04.3 Contraindications
Hypersensitivity to the active substance or to any of the excipients. Lithium salts are contraindicated in:
• heart disease,
• kidney failure,
• severe state of debilitation,
• increased sodium depletion,
• concomitant treatment with diuretics,
• ascertained or presumed pregnancy and lactation (see section 4.6).
The safety and efficacy of lithium salts in children under the age of 12 has not yet been established, therefore their use in such patients is not recommended, unless otherwise advised by the specialist.
04.4 Special warnings and appropriate precautions for use
Lithium salts have a low therapeutic index (narrow therapeutic / toxic ratio) and therefore should not be prescribed if their blood concentration cannot be controlled. It is always necessary to start therapy with low doses of the drug and titrate the dose according to the measurement of lithemia.
At the beginning of the therapy it is advisable to carry out the first determination of the lithemia upon reaching the steady state, ie after 4-8 days of the beginning of the therapy itself, on a blood sample taken 10-12 hours after the last administration.
Then repeat the lithemia measurement every week until the dosage remains constant for another four weeks, and then every three months. Dose adjustments should be made to keep lithemia in the 0.4-1 mEq / liter range.
Plasma concentrations between 0.8 and 1 mEq / liter are usually required for the treatment of acute mania.

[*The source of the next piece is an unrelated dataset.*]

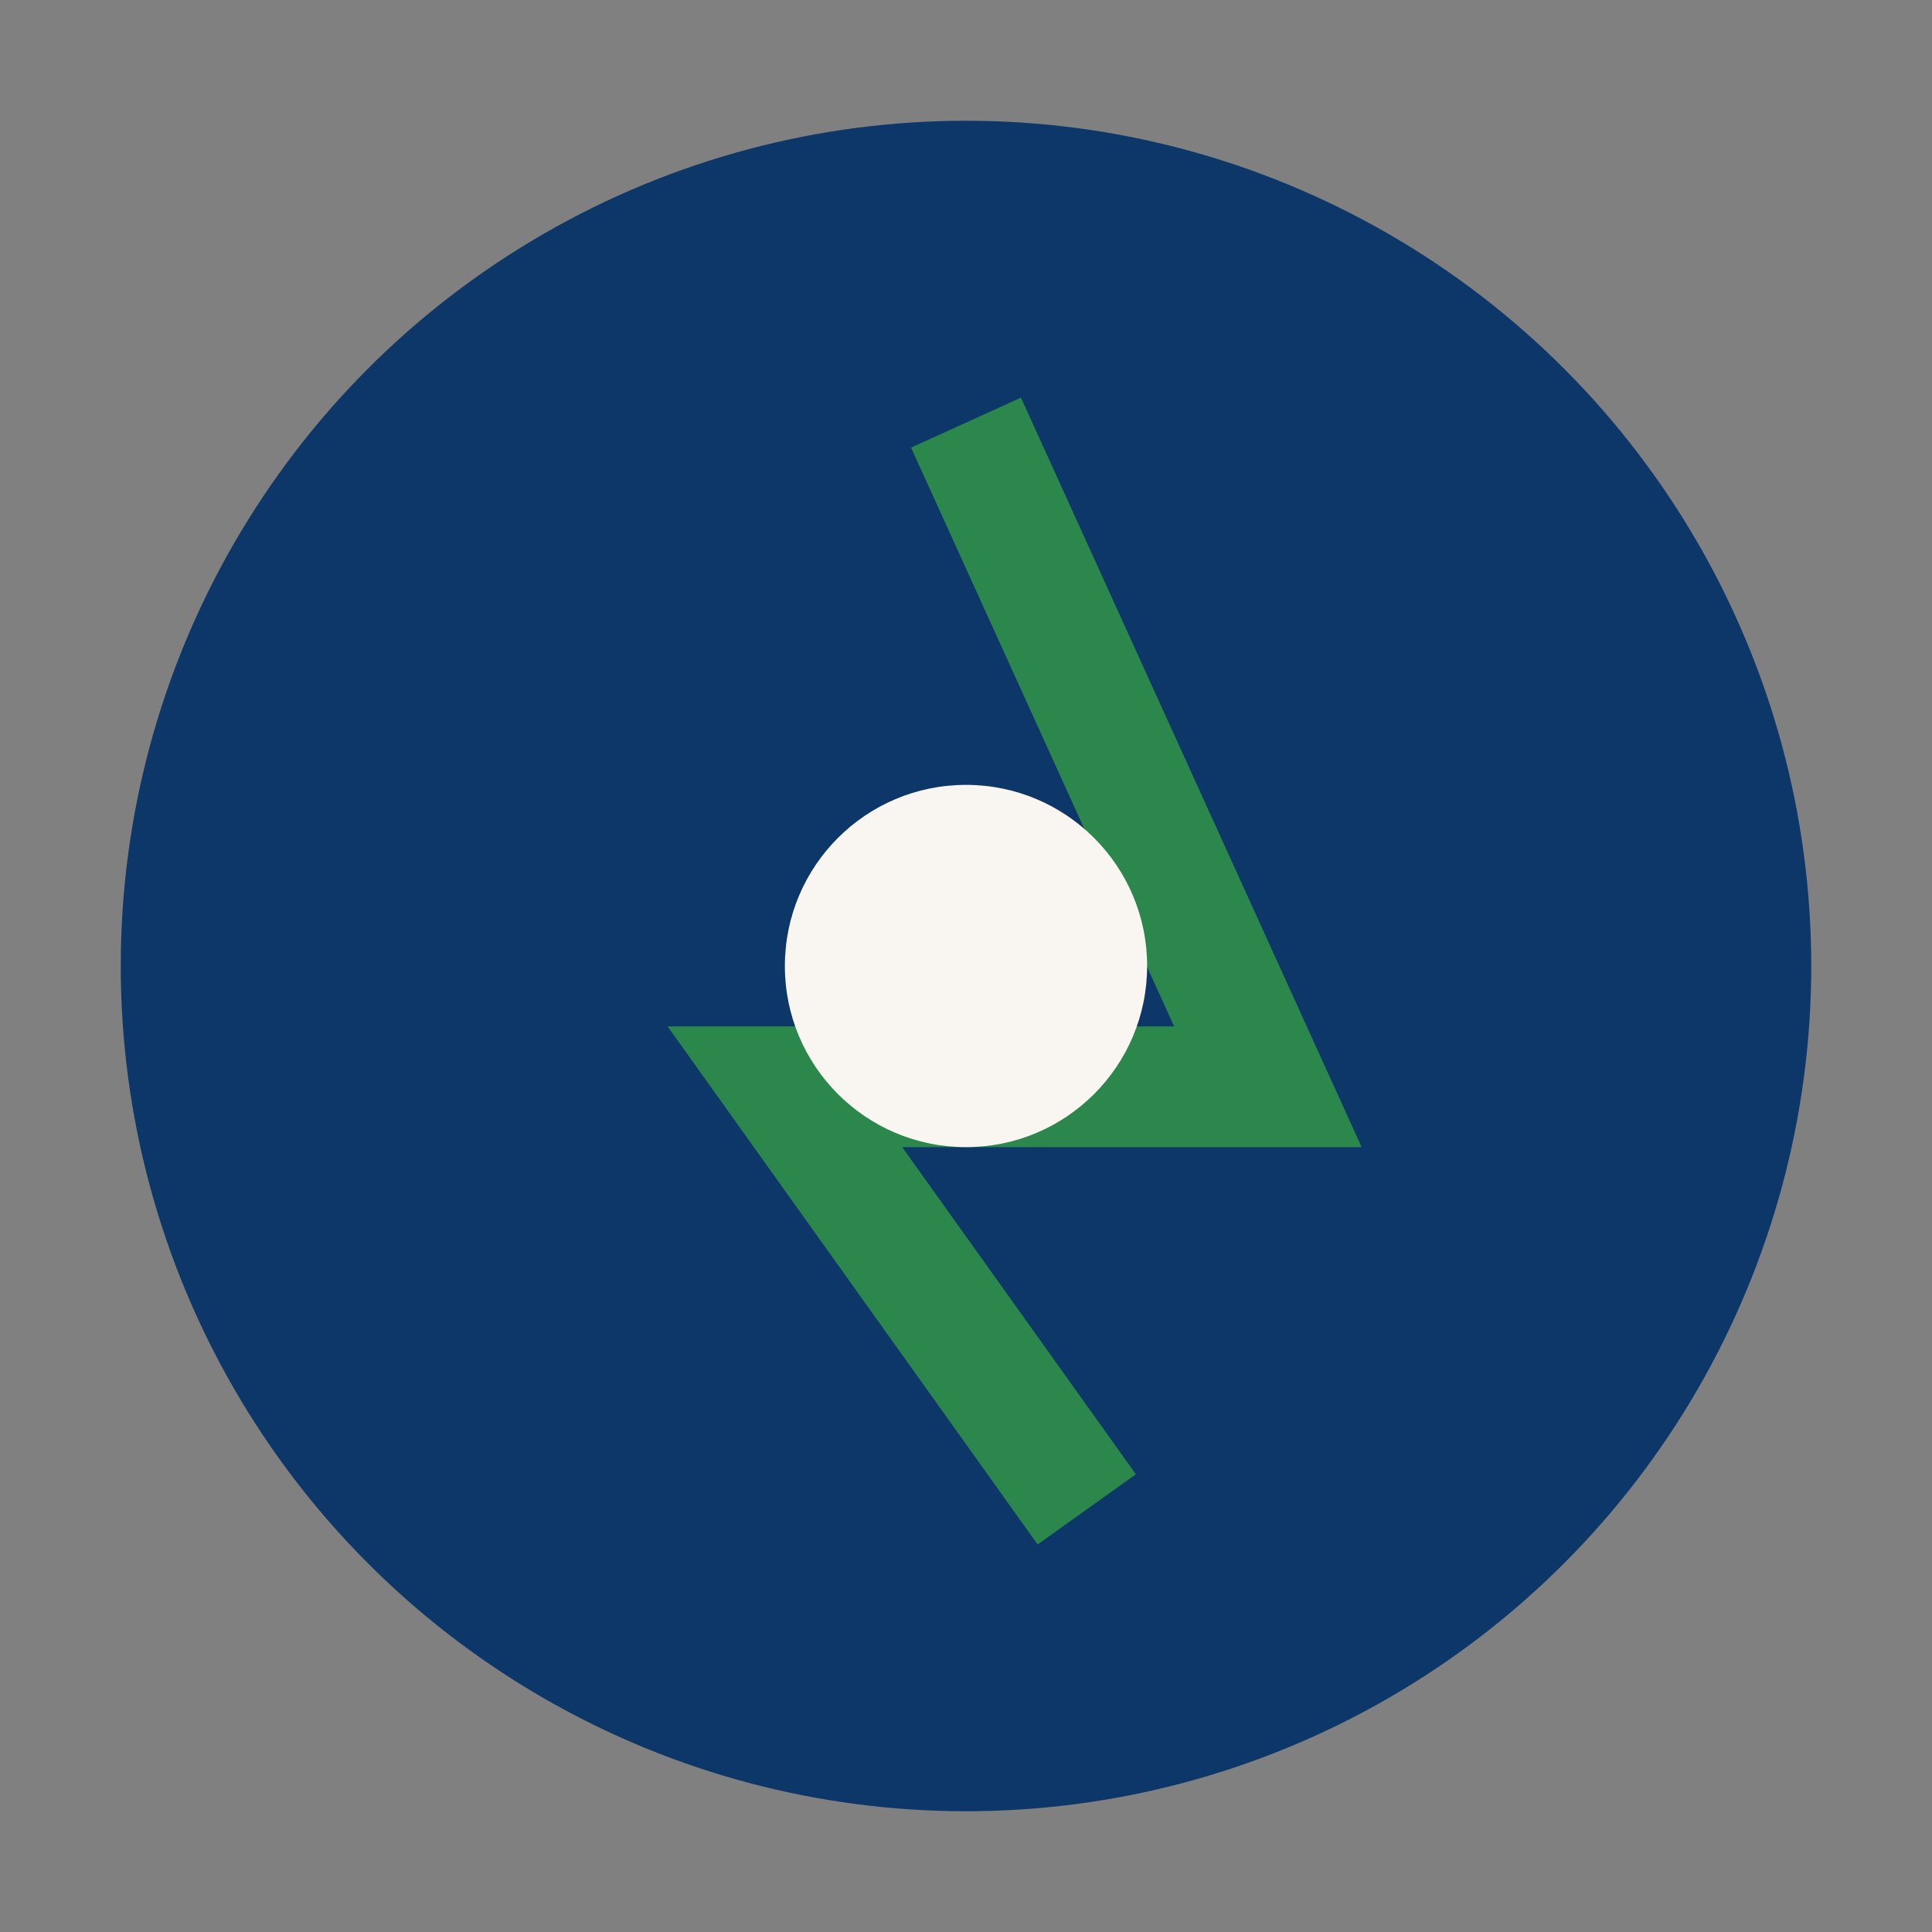 <?xml version="1.0" encoding="UTF-8"?>
<svg xmlns="http://www.w3.org/2000/svg" width="32" height="32" viewBox="0 0 32 32"><rect x="0" y="0" width="32" height="32" fill="#808080" stroke="none"/><circle cx="16" cy="16" r="14" fill="#0C3768"/><path d="M16 7l5 11h-8l5 7" stroke="#2B874B" stroke-width="2" fill="none"/><circle cx="16" cy="16" r="3" fill="#F9F6F1"/></svg>

Recurrence prevention is generally achieved with plasma concentrations ranging from 0.6 to 0.75 mEq / liter, but some patients are also controlled by lower concentrations of 0.4-0.6 mEq / liter.
It is necessary to monitor the lithemia and the clinical status of the patient after each dose increase and to carry out constant checks during the entire duration of therapy and in particular in the case of intercurrent diseases (including urinary tract infections), alternation of manic and depressive phases, introduction of new drugs, and changes in the diet with changes in the intake of salts and liquids. The bioavailability varies greatly in the different preparations: replacing one preparation with another requires the same precautions as in the beginning of treatment, careful monitoring of lithemia, consequent dose adjustments and the physician's assessment of the patient's clinical status.
Prior to initiating therapy with lithium salts it is advisable to evaluate cardiac, renal and thyroid function. These tests must be repeated periodically during therapy.
Pre-existing mild thyroid disorders are not necessarily a contraindication to lithium treatment; where hypothyroidism exists, thyroid function must be controlled both during the attack phase and during maintenance. In case of manifestation of hypothyroidism during therapy, it is advisable to carry out a "suitable replacement therapy with thyroid hormones.
Renal and thyroid function should be checked every 6-12 months in stable regimens (unless otherwise prescribed).
During lithium therapy, patients should undergo regular blood count monitoring; lithium therapy should be used with caution in patients with cardiovascular disease or a family history of QT interval prolongation.
Lithium therapy must not be initiated in patients with renal insufficiency (see section 4.3). During lithium salt therapy, gradual or sudden changes in renal function, even if within normal limits, indicate the need for review of treatment. Cases of microcysts, oncocytomas and renal cell carcinoma of the collecting ducts have been reported in patients with severe renal impairment treated with lithium for more than 10 years (see section 4.8).
Lithium salt therapy is not recommended in patients with Addison's disease or other conditions associated with sodium depletion and in severely debilitated or dehydrated patients.
Lithium toxicity is increased by sodium depletion.
A decrease in lithium tolerability can be caused by body dehydration (profuse sweating, diarrhea, vomiting); in these cases, patients should be advised to increase the administration of salts and liquids and to notify the physician. In the event that the aforementioned disorders are accompanied by an "infection with high temperature, a temporary reduction in the dose or interruption of the treatment is recommended, always under strict medical supervision.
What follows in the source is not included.